Fluctuations in Quarterly Operating Results
The Company has experienced and expects to continue to experience quarterly
variations in revenues and net income as a result of many factors. These factors
include the timing of customer orders, the timing of the receipt of cash payment
on sales which are recorded on a cash basis, the timing of the introduction of
new products, the timing and mix of product sales, general economic conditions
and specific economic conditions in the information security and wireless
communications industry. See "ITEM 7. MANAGEMENT'S DISCUSSION AND ANALYSIS OF
FINANCIAL CONDITION AND RESULTS OF OPERATIONS -- Quarterly Results of
Operations."
Regulatory Environment
Wireless communications and data encryption products are subject to
regulation by United States and foreign laws and international treaties. The
regulatory environment is inherently uncertain and changes in the regulatory
structure and laws and regulations can adversely affect the Company and its
customers. Such changes could make the Company's existing or planned products
obsolete or unsaleable in one or more markets, which could have a material
adverse effect on the Company.
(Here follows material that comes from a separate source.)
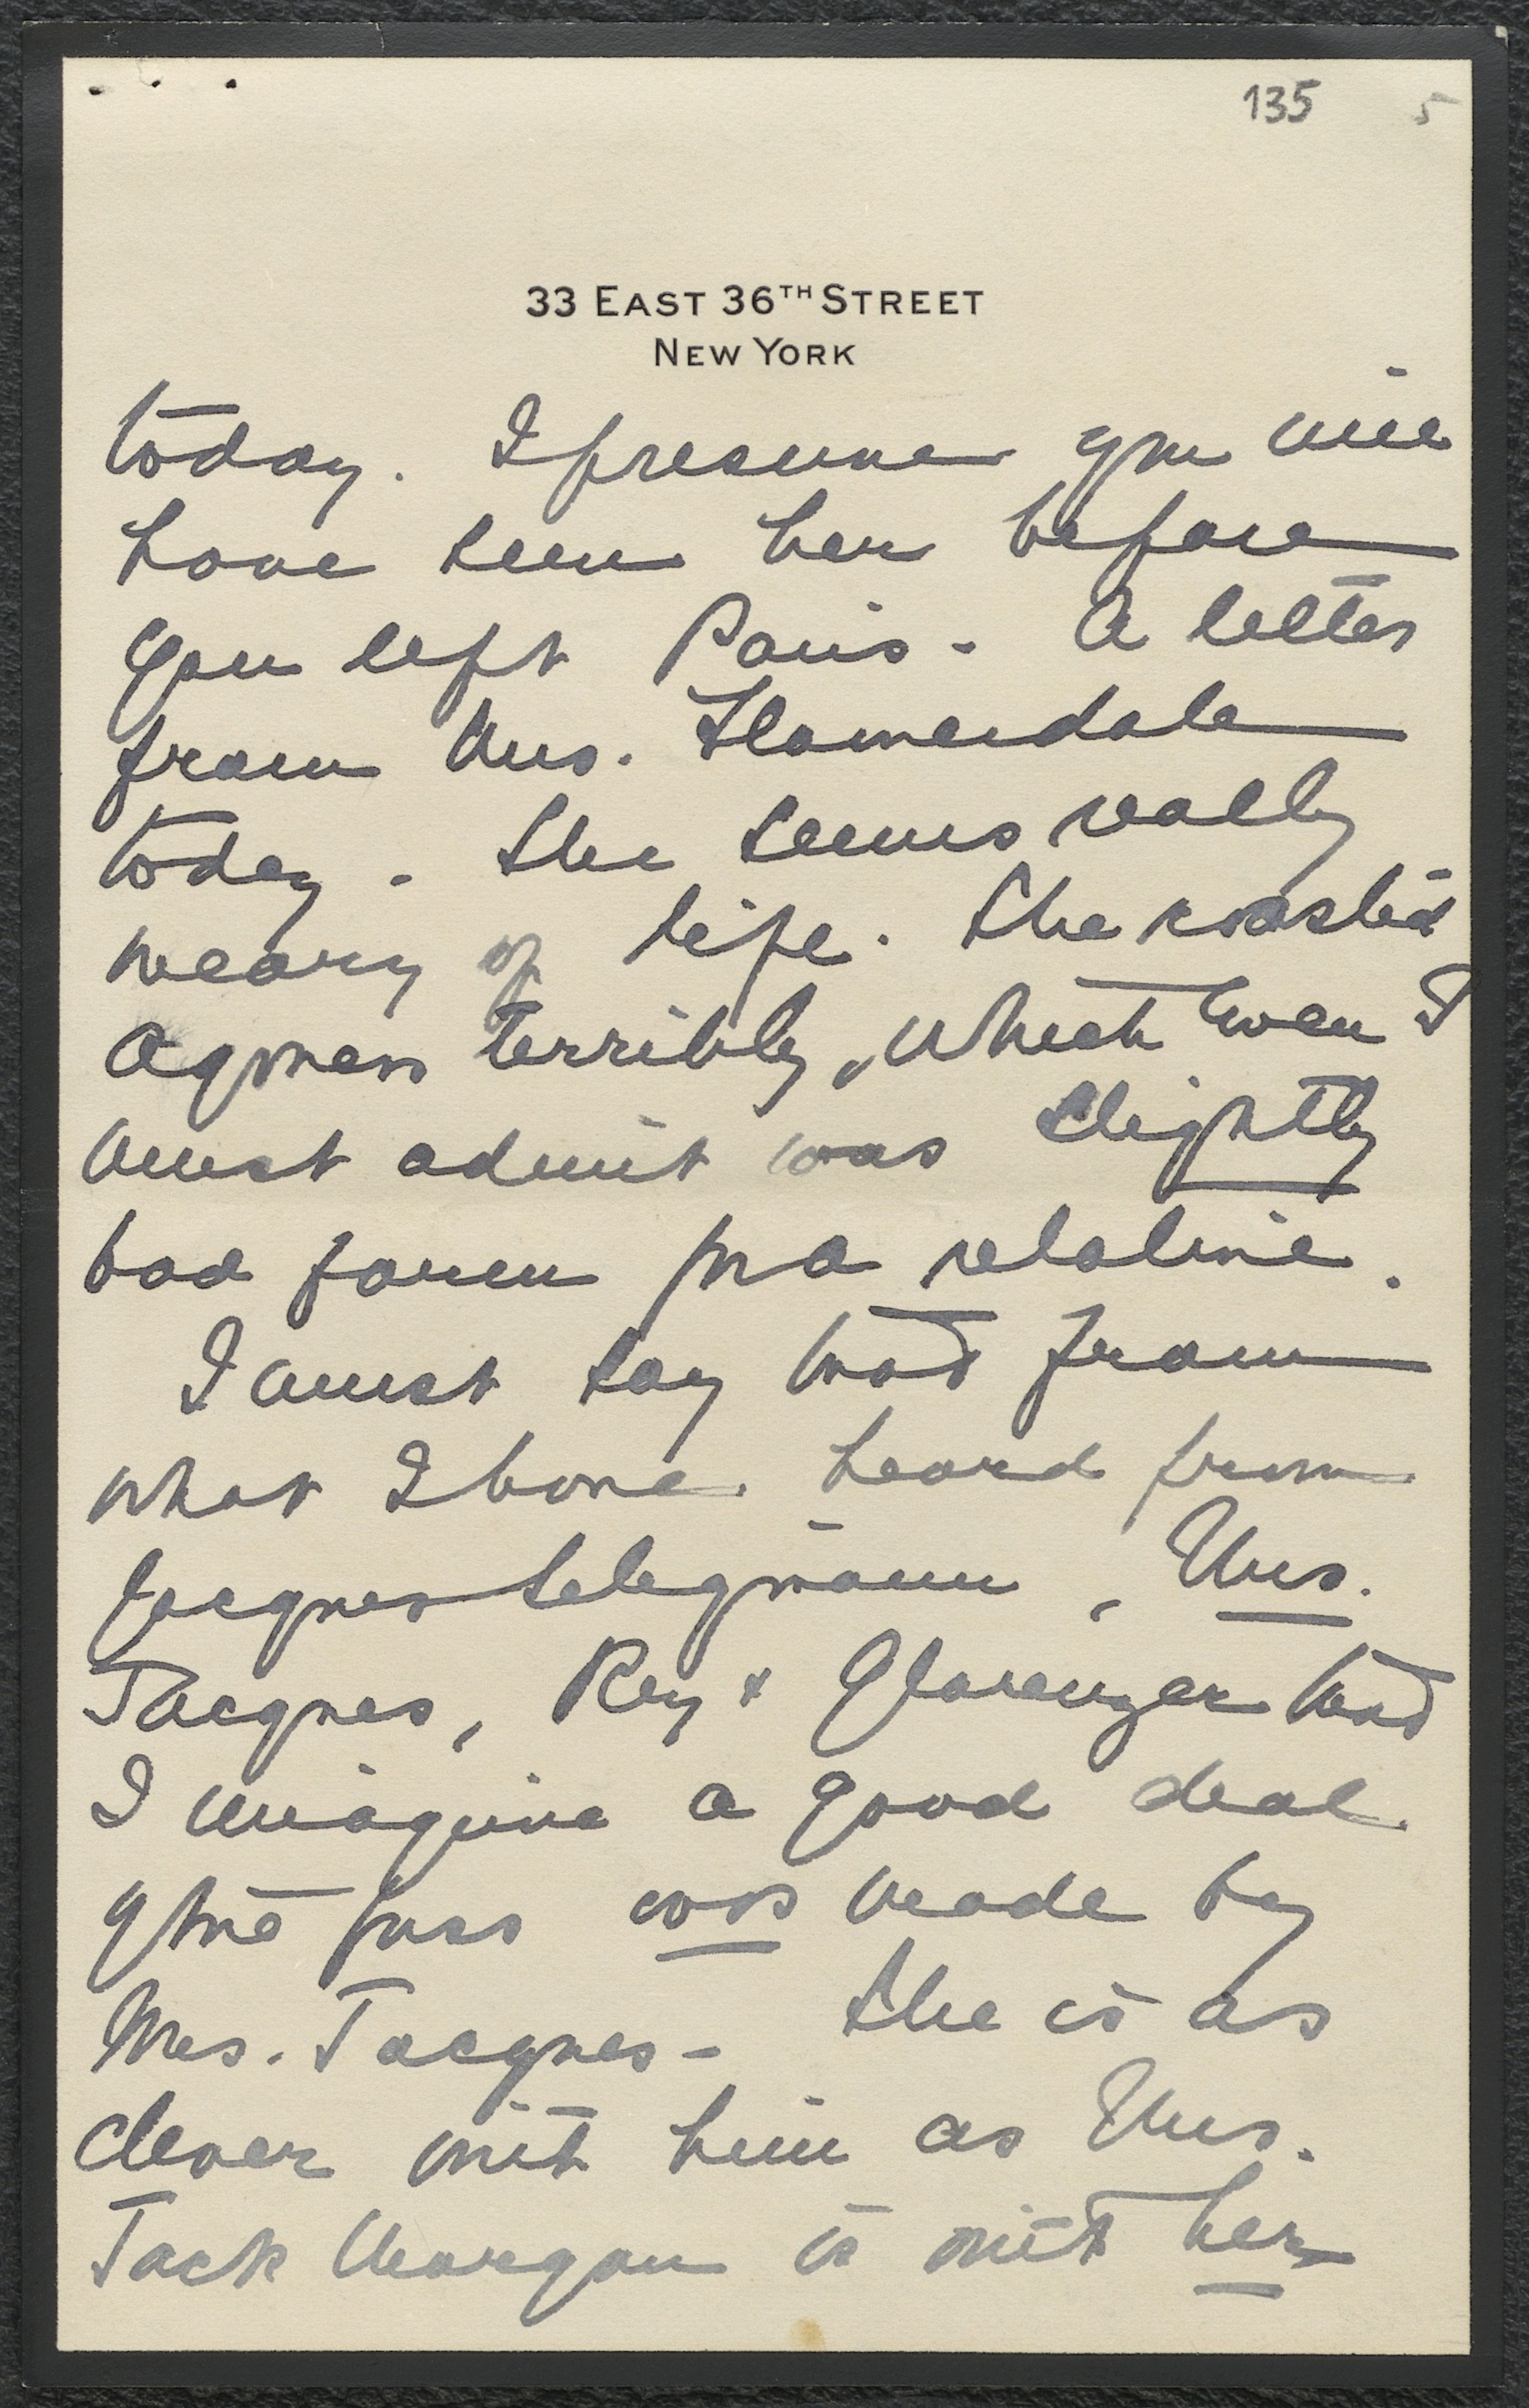today. I presume you will have seen her before you left Paris – a letter from Mrs. Flowerdale today – She seems really weary of life. She roasted Agoness terribly, which even I must admit was slightly bad form for a relative.
I must say that from what I have heard from Jacques Seligmann, Mrs. Jacques, Rey & Glaenzer that I imagine a good deal of the fuss was made by Mrs. Jacques – She is as clever with him as Mrs. Jack Morgan is with her

See "-- Risks Associated with International
Sales" and "-- Government Regulation and Export Controls."
Environmental Regulation
The Company is subject to various federal, state and local environmental
statutes, ordinances and regulations relating to the use, storage, handling and
disposal of certain toxic, volatile or otherwise hazardous substances and wastes
used or generated in the manufacturing and assembly of the Company's products.
Under these laws, the Company may become liable for the costs of removal or
remediation of certain hazardous substances or wastes that have been or are
being released on or in the Company's facilities, or have been or are being
disposed of offsite as wastes. Such laws may impose liability without regard to
whether the Company knew of, or caused, the release of such hazardous substances
or wastes.
Although the Company has not to date suffered any material adverse effects
in complying with applicable environmental laws, the Company cannot assure that
any environmental assessments the Company has undertaken with respect to its
facilities have revealed all potential environmental liabilities, that any prior
owner or operator of the Company's properties did not create any material
environmental condition not known to the Company, or that an environmental
condition that could result in penalties, expenses, or liability to the Company
does not otherwise exist in any one or more of the Company's facilities. In
addition, the amount of hazardous substances or wastes produced or generated by
the Company may increase in the future depending on changes in the Company's
operations. Any failure by the Company to comply with present or future
environmental laws could subject it to the imposition of substantial fines,
suspension of production, alteration of manufacturing processes or cessation of
operations, any of which could have a material adverse effect on the Company.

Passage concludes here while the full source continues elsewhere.